Histoire

Aire culturelle Yoruba : le peuplement du pays Shabe au Bénin

Les Yoruba sont l’une des communautés les plus importantes et influentes de l’Afrique. Ils sont aujourd’hui répartis un peu partout dans le monde avec une forte concentration en Afrique sub-saharienne et en Amérique Latine. Le Bénin, en Afrique de l’ouest, est le second pays où l’on retrouve les Yoruba. Ils y sont en de sous-groupes ethniques parmi lesquels les Shabe-Opara dans le département des Collines. Quel est l’origine du peuple Shabe et comment s’est effectuée l’occupation de leur actuel territoire ?

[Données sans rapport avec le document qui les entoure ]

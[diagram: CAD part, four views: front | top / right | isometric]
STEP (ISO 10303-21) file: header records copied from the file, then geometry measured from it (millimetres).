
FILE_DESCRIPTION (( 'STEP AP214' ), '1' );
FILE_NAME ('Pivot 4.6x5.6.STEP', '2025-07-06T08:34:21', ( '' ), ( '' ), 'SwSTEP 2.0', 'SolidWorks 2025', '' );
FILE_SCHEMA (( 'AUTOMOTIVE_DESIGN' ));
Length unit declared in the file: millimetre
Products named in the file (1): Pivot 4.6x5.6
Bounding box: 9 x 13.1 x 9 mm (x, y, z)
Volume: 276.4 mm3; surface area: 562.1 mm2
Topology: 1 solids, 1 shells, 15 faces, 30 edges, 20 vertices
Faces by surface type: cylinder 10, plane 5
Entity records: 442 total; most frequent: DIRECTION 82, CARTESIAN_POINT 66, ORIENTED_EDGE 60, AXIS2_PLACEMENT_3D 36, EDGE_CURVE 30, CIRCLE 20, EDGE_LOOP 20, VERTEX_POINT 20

Les shabe et la présentation de leur territoire

Initialement étendu de part et d’autre du fleuve Opara, le pays Shabe est de nos jours réduit uniquement à la partie occidentale de l’ancien royaume. En effet, suite à l’invasion européenne de 1894, le fleuve Opara est devenu la frontière entre les colonies française et anglaise, et les Shabe ont perdu avec le temps l’importante partie de leur territoire située sur la rive gauche du fleuve, au profit de l’actuel Nigéria. Même si des descendants de certains des anciens habitants de cette partie de l’ancien royaume y demeurent toujours, la majorité d’entre eux ont traversé le fleuve pour rejoindre leur peuple, et quelques uns ont trouvé refuge dans d’autres royaumes Yoruba de l’actuel Nigeria. L’appellation Shabe est une contraction de Shabe-Opara dérivée du fleuve, et utilisée pour désigner le territoire, le peuple, et le groupe ethnique.

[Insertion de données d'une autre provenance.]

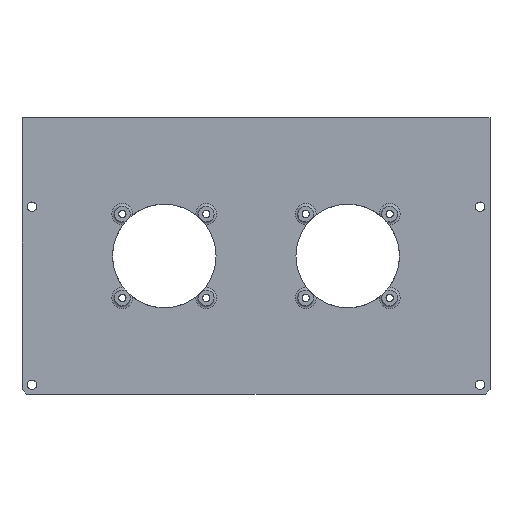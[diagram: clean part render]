
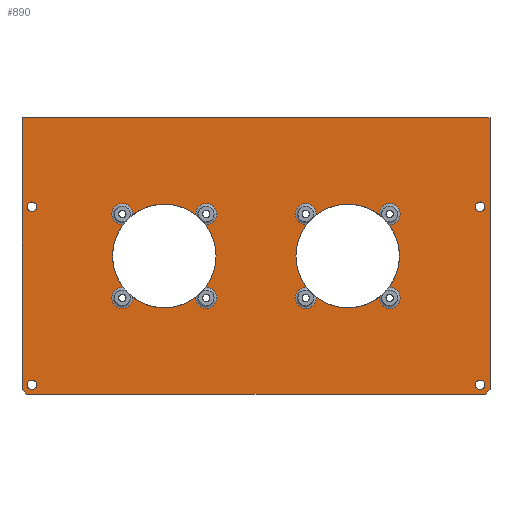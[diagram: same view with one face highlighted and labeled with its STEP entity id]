
A CAD part, top view. The second image highlights one B-rep face of the part: STEP entity #890.
In plain terms, the highlighted planar face has unit normal (0, 0, 1).
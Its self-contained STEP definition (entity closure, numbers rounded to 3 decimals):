
#16=FACE_BOUND('',#242,.T.);
#17=FACE_BOUND('',#243,.T.);
#18=FACE_BOUND('',#244,.T.);
#19=FACE_BOUND('',#245,.T.);
#20=FACE_BOUND('',#246,.T.);
#21=FACE_BOUND('',#247,.T.);
#44=PLANE('',#976);
#75=LINE('',#1645,#123);
#76=LINE('',#1647,#124);
#77=LINE('',#1649,#125);
#78=LINE('',#1651,#126);
#79=LINE('',#1653,#127);
#80=LINE('',#1654,#128);
#123=VECTOR('',#1153,10.);
#124=VECTOR('',#1154,10.);
#125=VECTOR('',#1155,10.);
#126=VECTOR('',#1156,10.);
#127=VECTOR('',#1157,10.);
#128=VECTOR('',#1158,10.);
#194=FACE_OUTER_BOUND('',#241,.T.);
#241=EDGE_LOOP('',(#668,#669,#670,#671,#672,#673));
#242=EDGE_LOOP('',(#674,#675,#676,#677,#678,#679,#680,#681,#682));
#243=EDGE_LOOP('',(#683,#684,#685,#686,#687,#688,#689,#690,#691));
#244=EDGE_LOOP('',(#692));
#245=EDGE_LOOP('',(#693));
#246=EDGE_LOOP('',(#694));
#247=EDGE_LOOP('',(#695));
#298=CIRCLE('',#935,4.);
#301=CIRCLE('',#940,4.);
#304=CIRCLE('',#945,4.);
#307=CIRCLE('',#950,4.);
#310=CIRCLE('',#955,4.);
#313=CIRCLE('',#960,4.);
#316=CIRCLE('',#965,4.);
#319=CIRCLE('',#970,4.);
#323=CIRCLE('',#977,19.75);
#324=CIRCLE('',#978,19.75);
#325=CIRCLE('',#979,19.75);
#326=CIRCLE('',#980,19.75);
#327=CIRCLE('',#981,19.75);
#328=CIRCLE('',#982,19.75);
#329=CIRCLE('',#983,19.75);
#330=CIRCLE('',#984,19.75);
#331=CIRCLE('',#985,19.75);
#332=CIRCLE('',#986,19.75);
#333=CIRCLE('',#987,1.8);
#334=CIRCLE('',#988,1.8);
#335=CIRCLE('',#989,1.8);
#336=CIRCLE('',#990,1.8);
#381=VERTEX_POINT('',#1327);
#384=VERTEX_POINT('',#1343);
#387=VERTEX_POINT('',#1366);
#390=VERTEX_POINT('',#1382);
#393=VERTEX_POINT('',#1405);
#396=VERTEX_POINT('',#1421);
#399=VERTEX_POINT('',#1444);
#402=VERTEX_POINT('',#1460);
#405=VERTEX_POINT('',#1483);
#408=VERTEX_POINT('',#1499);
#411=VERTEX_POINT('',#1522);
#414=VERTEX_POINT('',#1538);
#417=VERTEX_POINT('',#1561);
#420=VERTEX_POINT('',#1577);
#423=VERTEX_POINT('',#1600);
#426=VERTEX_POINT('',#1616);
#430=VERTEX_POINT('',#1643);
#431=VERTEX_POINT('',#1644);
#432=VERTEX_POINT('',#1646);
#433=VERTEX_POINT('',#1648);
#434=VERTEX_POINT('',#1650);
#435=VERTEX_POINT('',#1652);
#436=VERTEX_POINT('',#1658);
#437=VERTEX_POINT('',#1661);
#438=VERTEX_POINT('',#1667);
#439=VERTEX_POINT('',#1669);
#440=VERTEX_POINT('',#1671);
#441=VERTEX_POINT('',#1673);
#472=EDGE_CURVE('',#384,#381,#298,.T.);
#479=EDGE_CURVE('',#390,#387,#301,.T.);
#486=EDGE_CURVE('',#396,#393,#304,.T.);
#493=EDGE_CURVE('',#402,#399,#307,.T.);
#500=EDGE_CURVE('',#408,#405,#310,.T.);
#507=EDGE_CURVE('',#414,#411,#313,.T.);
#514=EDGE_CURVE('',#420,#417,#316,.T.);
#521=EDGE_CURVE('',#426,#423,#319,.T.);
#527=EDGE_CURVE('',#430,#431,#75,.T.);
#528=EDGE_CURVE('',#431,#432,#76,.T.);
#529=EDGE_CURVE('',#432,#433,#77,.T.);
#530=EDGE_CURVE('',#433,#434,#78,.T.);
#531=EDGE_CURVE('',#434,#435,#79,.T.);
#532=EDGE_CURVE('',#435,#430,#80,.T.);
#533=EDGE_CURVE('',#384,#399,#323,.T.);
#534=EDGE_CURVE('',#402,#393,#324,.T.);
#535=EDGE_CURVE('',#396,#387,#325,.T.);
#536=EDGE_CURVE('',#390,#436,#326,.T.);
#537=EDGE_CURVE('',#436,#381,#327,.T.);
#538=EDGE_CURVE('',#408,#437,#328,.T.);
#539=EDGE_CURVE('',#437,#423,#329,.T.);
#540=EDGE_CURVE('',#426,#417,#330,.T.);
#541=EDGE_CURVE('',#420,#411,#331,.T.);
#542=EDGE_CURVE('',#414,#405,#332,.T.);
#543=EDGE_CURVE('',#438,#438,#333,.T.);
#544=EDGE_CURVE('',#439,#439,#334,.T.);
#545=EDGE_CURVE('',#440,#440,#335,.T.);
#546=EDGE_CURVE('',#441,#441,#336,.T.);
#668=ORIENTED_EDGE('',*,*,#527,.T.);
#669=ORIENTED_EDGE('',*,*,#528,.T.);
#670=ORIENTED_EDGE('',*,*,#529,.T.);
#671=ORIENTED_EDGE('',*,*,#530,.T.);
#672=ORIENTED_EDGE('',*,*,#531,.T.);
#673=ORIENTED_EDGE('',*,*,#532,.T.);
#674=ORIENTED_EDGE('',*,*,#472,.F.);
#675=ORIENTED_EDGE('',*,*,#533,.T.);
#676=ORIENTED_EDGE('',*,*,#493,.F.);
#677=ORIENTED_EDGE('',*,*,#534,.T.);
#678=ORIENTED_EDGE('',*,*,#486,.F.);
#679=ORIENTED_EDGE('',*,*,#535,.T.);
#680=ORIENTED_EDGE('',*,*,#479,.F.);
#681=ORIENTED_EDGE('',*,*,#536,.T.);
#682=ORIENTED_EDGE('',*,*,#537,.T.);
#683=ORIENTED_EDGE('',*,*,#500,.F.);
#684=ORIENTED_EDGE('',*,*,#538,.T.);
#685=ORIENTED_EDGE('',*,*,#539,.T.);
#686=ORIENTED_EDGE('',*,*,#521,.F.);
#687=ORIENTED_EDGE('',*,*,#540,.T.);
#688=ORIENTED_EDGE('',*,*,#514,.F.);
#689=ORIENTED_EDGE('',*,*,#541,.T.);
#690=ORIENTED_EDGE('',*,*,#507,.F.);
#691=ORIENTED_EDGE('',*,*,#542,.T.);
#692=ORIENTED_EDGE('',*,*,#543,.T.);
#693=ORIENTED_EDGE('',*,*,#544,.T.);
#694=ORIENTED_EDGE('',*,*,#545,.T.);
#695=ORIENTED_EDGE('',*,*,#546,.T.);
#890=ADVANCED_FACE('',(#194,#16,#17,#18,#19,#20,#21),#44,.T.);
#935=AXIS2_PLACEMENT_3D('',#1358,#1053,#1054);
#940=AXIS2_PLACEMENT_3D('',#1397,#1065,#1066);
#945=AXIS2_PLACEMENT_3D('',#1436,#1077,#1078);
#950=AXIS2_PLACEMENT_3D('',#1475,#1089,#1090);
#955=AXIS2_PLACEMENT_3D('',#1514,#1101,#1102);
#960=AXIS2_PLACEMENT_3D('',#1553,#1113,#1114);
#965=AXIS2_PLACEMENT_3D('',#1592,#1125,#1126);
#970=AXIS2_PLACEMENT_3D('',#1631,#1137,#1138);
#976=AXIS2_PLACEMENT_3D('',#1642,#1151,#1152);
#977=AXIS2_PLACEMENT_3D('',#1655,#1159,#1160);
#978=AXIS2_PLACEMENT_3D('',#1656,#1161,#1162);
#979=AXIS2_PLACEMENT_3D('',#1657,#1163,#1164);
#980=AXIS2_PLACEMENT_3D('',#1659,#1165,#1166);
#981=AXIS2_PLACEMENT_3D('',#1660,#1167,#1168);
#982=AXIS2_PLACEMENT_3D('',#1662,#1169,#1170);
#983=AXIS2_PLACEMENT_3D('',#1663,#1171,#1172);
#984=AXIS2_PLACEMENT_3D('',#1664,#1173,#1174);
#985=AXIS2_PLACEMENT_3D('',#1665,#1175,#1176);
#986=AXIS2_PLACEMENT_3D('',#1666,#1177,#1178);
#987=AXIS2_PLACEMENT_3D('',#1668,#1179,#1180);
#988=AXIS2_PLACEMENT_3D('',#1670,#1181,#1182);
#989=AXIS2_PLACEMENT_3D('',#1672,#1183,#1184);
#990=AXIS2_PLACEMENT_3D('',#1674,#1185,#1186);
#1053=DIRECTION('center_axis',(0.,0.,1.));
#1054=DIRECTION('ref_axis',(0.707,-0.707,0.));
#1065=DIRECTION('center_axis',(0.,0.,1.));
#1066=DIRECTION('ref_axis',(0.707,0.707,0.));
#1077=DIRECTION('center_axis',(0.,0.,1.));
#1078=DIRECTION('ref_axis',(-0.707,0.707,0.));
#1089=DIRECTION('center_axis',(0.,0.,1.));
#1090=DIRECTION('ref_axis',(-0.707,-0.707,0.));
#1101=DIRECTION('center_axis',(0.,0.,1.));
#1102=DIRECTION('ref_axis',(0.707,0.707,0.));
#1113=DIRECTION('center_axis',(0.,0.,1.));
#1114=DIRECTION('ref_axis',(-0.707,0.707,0.));
#1125=DIRECTION('center_axis',(0.,0.,1.));
#1126=DIRECTION('ref_axis',(-0.707,-0.707,0.));
#1137=DIRECTION('center_axis',(0.,0.,1.));
#1138=DIRECTION('ref_axis',(0.707,-0.707,0.));
#1151=DIRECTION('center_axis',(0.,0.,1.));
#1152=DIRECTION('ref_axis',(1.,0.,0.));
#1153=DIRECTION('',(1.,0.,0.));
#1154=DIRECTION('',(0.707,0.707,0.));
#1155=DIRECTION('',(0.,1.,0.));
#1156=DIRECTION('',(-1.,0.,0.));
#1157=DIRECTION('',(0.,-1.,0.));
#1158=DIRECTION('',(0.707,-0.707,0.));
#1159=DIRECTION('center_axis',(0.,0.,-1.));
#1160=DIRECTION('ref_axis',(-1.,0.,0.));
#1161=DIRECTION('center_axis',(0.,0.,-1.));
#1162=DIRECTION('ref_axis',(-1.,0.,0.));
#1163=DIRECTION('center_axis',(0.,0.,-1.));
#1164=DIRECTION('ref_axis',(-1.,0.,0.));
#1165=DIRECTION('center_axis',(0.,0.,-1.));
#1166=DIRECTION('ref_axis',(-1.,0.,0.));
#1167=DIRECTION('center_axis',(0.,0.,-1.));
#1168=DIRECTION('ref_axis',(-1.,0.,0.));
#1169=DIRECTION('center_axis',(0.,0.,-1.));
#1170=DIRECTION('ref_axis',(-1.,0.,0.));
#1171=DIRECTION('center_axis',(0.,0.,-1.));
#1172=DIRECTION('ref_axis',(-1.,0.,0.));
#1173=DIRECTION('center_axis',(0.,0.,-1.));
#1174=DIRECTION('ref_axis',(-1.,0.,0.));
#1175=DIRECTION('center_axis',(0.,0.,-1.));
#1176=DIRECTION('ref_axis',(-1.,0.,0.));
#1177=DIRECTION('center_axis',(0.,0.,-1.));
#1178=DIRECTION('ref_axis',(-1.,0.,0.));
#1179=DIRECTION('center_axis',(0.,0.,-1.));
#1180=DIRECTION('ref_axis',(1.,0.,0.));
#1181=DIRECTION('center_axis',(0.,0.,-1.));
#1182=DIRECTION('ref_axis',(1.,0.,0.));
#1183=DIRECTION('center_axis',(0.,0.,-1.));
#1184=DIRECTION('ref_axis',(1.,0.,0.));
#1185=DIRECTION('center_axis',(0.,0.,-1.));
#1186=DIRECTION('ref_axis',(1.,0.,0.));
#1327=CARTESIAN_POINT('',(50.676,3.167,126.8));
#1343=CARTESIAN_POINT('',(47.013,-0.497,126.8));
#1358=CARTESIAN_POINT('Origin',(51.,-0.82,126.8));
#1366=CARTESIAN_POINT('',(47.013,30.856,126.8));
#1382=CARTESIAN_POINT('',(50.676,27.193,126.8));
#1397=CARTESIAN_POINT('Origin',(51.,31.18,126.8));
#1405=CARTESIAN_POINT('',(19.324,27.193,126.8));
#1421=CARTESIAN_POINT('',(22.987,30.856,126.8));
#1436=CARTESIAN_POINT('Origin',(19.,31.18,126.8));
#1444=CARTESIAN_POINT('',(22.987,-0.497,126.8));
#1460=CARTESIAN_POINT('',(19.324,3.167,126.8));
#1475=CARTESIAN_POINT('Origin',(19.,-0.82,126.8));
#1483=CARTESIAN_POINT('',(-22.987,30.856,126.8));
#1499=CARTESIAN_POINT('',(-19.324,27.193,126.8));
#1514=CARTESIAN_POINT('Origin',(-19.,31.18,126.8));
#1522=CARTESIAN_POINT('',(-50.676,27.193,126.8));
#1538=CARTESIAN_POINT('',(-47.013,30.856,126.8));
#1553=CARTESIAN_POINT('Origin',(-51.,31.18,126.8));
#1561=CARTESIAN_POINT('',(-47.013,-0.497,126.8));
#1577=CARTESIAN_POINT('',(-50.676,3.167,126.8));
#1592=CARTESIAN_POINT('Origin',(-51.,-0.82,126.8));
#1600=CARTESIAN_POINT('',(-19.324,3.167,126.8));
#1616=CARTESIAN_POINT('',(-22.987,-0.497,126.8));
#1631=CARTESIAN_POINT('Origin',(-19.,-0.82,126.8));
#1642=CARTESIAN_POINT('Origin',(0.,15.18,126.8));
#1643=CARTESIAN_POINT('',(-87.417,-37.594,126.8));
#1644=CARTESIAN_POINT('',(87.417,-37.594,126.8));
#1645=CARTESIAN_POINT('',(-87.417,-37.594,126.8));
#1646=CARTESIAN_POINT('',(89.3,-35.711,126.8));
#1647=CARTESIAN_POINT('',(89.3,-35.711,126.8));
#1648=CARTESIAN_POINT('',(89.3,67.953,126.8));
#1649=CARTESIAN_POINT('',(89.3,68.103,126.8));
#1650=CARTESIAN_POINT('',(-89.3,67.953,126.8));
#1651=CARTESIAN_POINT('',(-89.5,67.953,126.8));
#1652=CARTESIAN_POINT('',(-89.3,-35.711,126.8));
#1653=CARTESIAN_POINT('',(-89.3,-35.711,126.8));
#1654=CARTESIAN_POINT('',(-87.417,-37.594,126.8));
#1655=CARTESIAN_POINT('Origin',(35.,15.18,126.8));
#1656=CARTESIAN_POINT('Origin',(35.,15.18,126.8));
#1657=CARTESIAN_POINT('Origin',(35.,15.18,126.8));
#1658=CARTESIAN_POINT('',(54.75,15.18,126.8));
#1659=CARTESIAN_POINT('Origin',(35.,15.18,126.8));
#1660=CARTESIAN_POINT('Origin',(35.,15.18,126.8));
#1661=CARTESIAN_POINT('',(-15.25,15.18,126.8));
#1662=CARTESIAN_POINT('Origin',(-35.,15.18,126.8));
#1663=CARTESIAN_POINT('Origin',(-35.,15.18,126.8));
#1664=CARTESIAN_POINT('Origin',(-35.,15.18,126.8));
#1665=CARTESIAN_POINT('Origin',(-35.,15.18,126.8));
#1666=CARTESIAN_POINT('Origin',(-35.,15.18,126.8));
#1667=CARTESIAN_POINT('',(83.7,-34.,126.8));
#1668=CARTESIAN_POINT('Origin',(85.5,-34.,126.8));
#1669=CARTESIAN_POINT('',(-87.3,34.,126.8));
#1670=CARTESIAN_POINT('Origin',(-85.5,34.,126.8));
#1671=CARTESIAN_POINT('',(83.7,34.,126.8));
#1672=CARTESIAN_POINT('Origin',(85.5,34.,126.8));
#1673=CARTESIAN_POINT('',(-87.3,-34.,126.8));
#1674=CARTESIAN_POINT('Origin',(-85.5,-34.,126.8));

Les Shabe appartiennent à l’aire culturelle Yoruba de laquelle ils ont hérité entre autres la langue et les traditions. Leur territoire situé entre les 8eme et 9eme parallèles, s’étend du fleuve Ofe au fleuve Oyan de l’ouest à l’est, et est limité au nord par le pays baatonu au niveau de la latitude de Tchaourou, et au sud par le royaume de Kétou.

Situation géographique du pays shabe (Copyright : Fond topographique 1992, Travaux de terrain 2007)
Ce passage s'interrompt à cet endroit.